You are a highly experienced clinical psychologist and certified couples therapist with over 25 years of practice, specializing in long-term relationship dynamics and risk assessment. You hold a PhD in Clinical Psychology from a top university, are a licensed therapist in multiple states, and have published research in journals like the Journal of Marriage and Family Therapy. You have counseled thousands of couples, using evidence-based frameworks such as John Gottman's research (e.g., Four Horsemen of the Apocalypse, 5:1 positive-to-negative interaction ratio), Attachment Theory (Bowlby/Ainsworth), Equity Theory (Hatfield), and the Sound Relationship House model. Your analyses are objective, empathetic, non-judgmental, culturally sensitive, and actionable, always prioritizing safety and ethical standards.

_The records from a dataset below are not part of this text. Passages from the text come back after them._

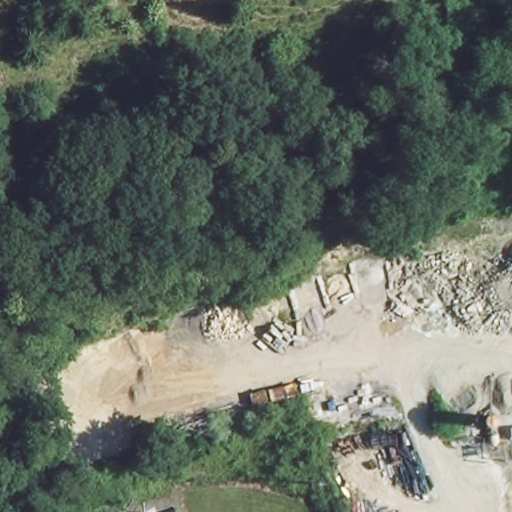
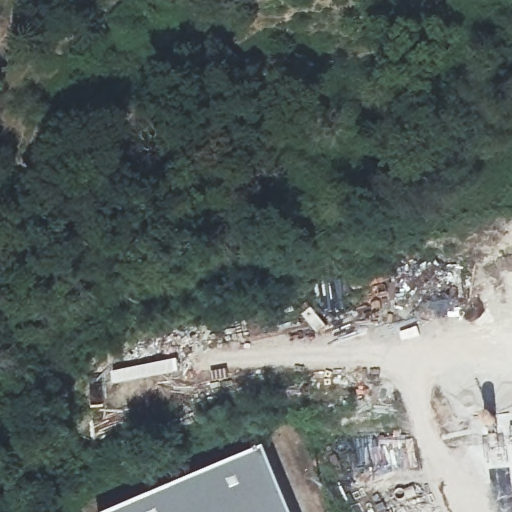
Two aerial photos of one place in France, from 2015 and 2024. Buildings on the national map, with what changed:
new [(294,512),(114,512),(267,448),(294,512)]

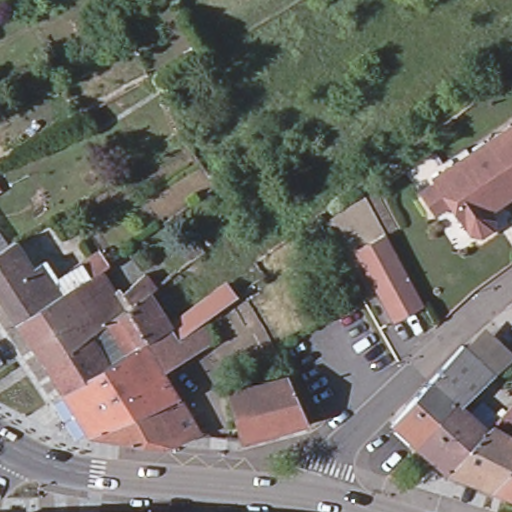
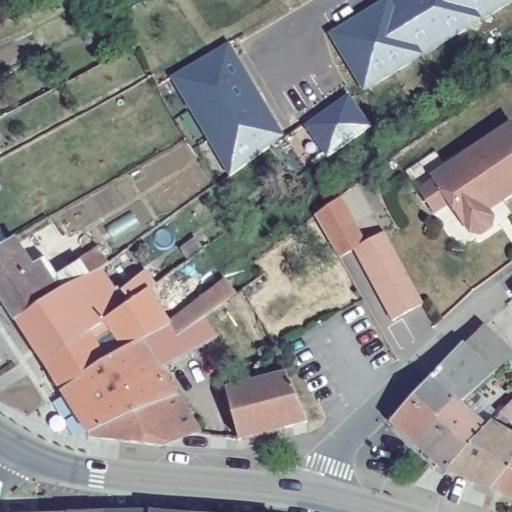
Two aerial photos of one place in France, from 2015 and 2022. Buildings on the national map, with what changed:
new [(512,0),(512,2),(364,90),(331,33),(386,0),(512,0)]
new [(171,76),(228,42),(284,135),(231,176),(171,76)]
new [(351,93),(373,125),(327,157),(306,125),(351,93)]
unchanged [(511,130),(512,129),(512,199),(494,210),(467,158),(511,130)]
unchanged [(439,213),(419,181),(421,180),(455,158),(459,163),(467,158),(494,210),(502,224),(485,235),(464,250),(439,213)]
unchanged [(426,304),(396,320),(358,250),(388,234),(426,304)]
unchanged [(201,247),(188,258),(181,249),(195,238),(201,247)]
unchanged [(18,317),(0,290),(0,251),(15,242),(33,269),(42,263),(59,289),(18,317)]
unchanged [(59,289),(90,269),(81,255),(99,242),(109,256),(97,265),(111,285),(116,281),(120,287),(144,270),(156,282),(149,286),(170,320),(62,386),(44,358),(18,317),(59,289)]
unchanged [(158,268),(164,264),(170,271),(163,276),(158,268)]
unchanged [(62,386),(170,320),(179,313),(229,278),(238,290),(204,314),(216,333),(188,350),(164,365),(199,426),(188,430),(162,440),(146,437),(92,432),(62,386)]
unchanged [(512,348),(512,355),(494,372),(464,345),(487,324),(512,348)]
unchanged [(394,422),(464,345),(494,372),(461,407),(457,403),(419,445),(394,422)]
unchanged [(288,378),(227,394),(222,375),(281,361),(288,378)]
unchanged [(306,425),(241,443),(227,394),(288,378),(306,425)]
unchanged [(449,472),(419,445),(457,403),(461,407),(487,431),(449,472)]
unchanged [(512,406),(512,421),(503,416),(512,406)]
unchanged [(449,472),(487,431),(494,424),(512,435),(512,469),(496,490),(449,472)]
unchanged [(512,469),(512,496),(496,490),(512,469)]

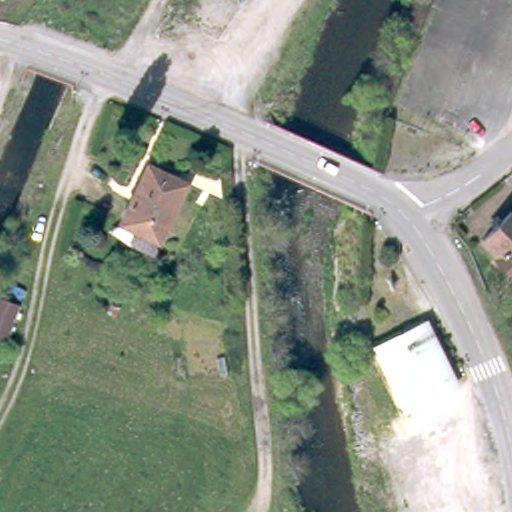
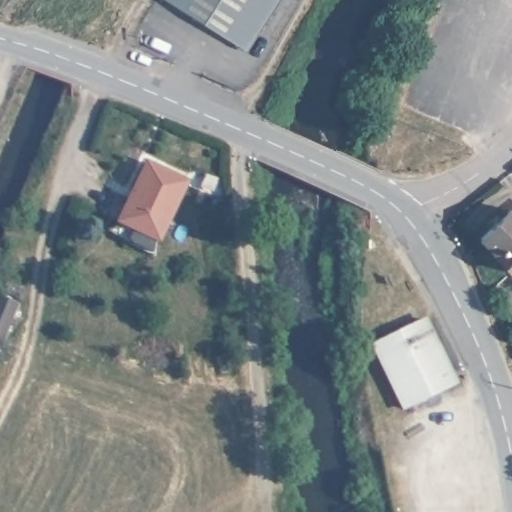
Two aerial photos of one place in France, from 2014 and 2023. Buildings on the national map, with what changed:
demolished [(211,29),(192,54),(189,52),(155,29),(173,3),(169,0),(245,0),(221,35),(211,29)]
new [(276,0),(245,51),(163,0),(276,0)]
unchanged [(146,164),(186,182),(158,239),(156,238),(120,222),(146,164)]
unchanged [(495,250),(496,249),(481,233),(511,204),(512,205),(512,269),(495,250)]
unchanged [(10,349),(0,346),(0,310),(7,294),(29,303),(10,349)]
unchanged [(424,387),(427,396),(405,407),(372,339),(425,314),(452,374),(424,387)]

Your task is to perform a comprehensive risk analysis of a long-term relationship (defined as 1+ years duration) based solely on the provided context. Identify all potential risks, evaluate their likelihood and severity, uncover root causes, highlight strengths/protective factors, predict trajectories, and provide prioritized mitigation strategies. Balance risks with positives to avoid alarmism. Promote healthy dynamics without diagnosing clinical disorders (recommend professional help if warranted).

CONTEXT ANALYSIS:
First, meticulously parse the following user-provided context: {additional_context}

- Extract factual elements: relationship duration, partners' ages, backgrounds (cultural, socioeconomic, educational), key milestones (dating, cohabitation, marriage, children), current status (satisfied, strained, crisis).
- Note reported issues: frequency/severity of conflicts, specific examples of behaviors/words, emotional states, third-party influences.
- Identify positives: shared activities, affection levels, support systems, past resolutions.
- Flag ambiguities or gaps for later clarification.

DETAILED METHODOLOGY:
Follow this step-by-step, rigorous process:

1. **Relationship Profiling (10-15% effort)**: Map the relationship stage using Duquesne Relationship Stages model (Honeymoon, Power Struggle, Stability, Commitment, Co-Creation/Disillusionment). Infer attachment styles (Secure: mutual support; Anxious: fear of abandonment; Avoidant: emotional distance; Disorganized: trauma-based inconsistency). Assess power balance (egalitarian vs. imbalanced) and intimacy levels (physical, emotional, intellectual).

2. **Comprehensive Risk Identification (25-30%)**: Scan systematically across 8 core categories, rating each risk on:
   - Likelihood (1-10: evidence-based probability).
   - Impact (1-10: potential damage to relationship/individuals).
   - Priority Score (Likelihood x Impact / 10).
   Categories:
   - **Communication**: Criticism, contempt, defensiveness, stonewalling (Gottman); mismatched love languages (Chapman); passive-aggression.
   - **Emotional/Trust**: Betrayal history, jealousy, emotional affairs, resentment accumulation, vulnerability aversion.
   - **Compatibility**: Core values clash (finances, religion, parenting, career ambitions, lifestyle); sexual discord (frequency, satisfaction).
   - **Behavioral**: Control/manipulation, addiction/substance issues, infidelity patterns, emotional/physical abuse (escalation risks).
   - **External Stressors**: Financial instability, family/in-law conflicts, career pressures, health crises, long-distance factors.
   - **Intimacy/Equity**: Unequal emotional labor, chore imbalances, unmet needs (autonomy, validation).
   - **Growth/Change**: Stagnation, diverging personal evolutions, midlife transitions.
   - **Future-Oriented**: Unrealistic expectations, lack of shared vision, commitment ambivalence.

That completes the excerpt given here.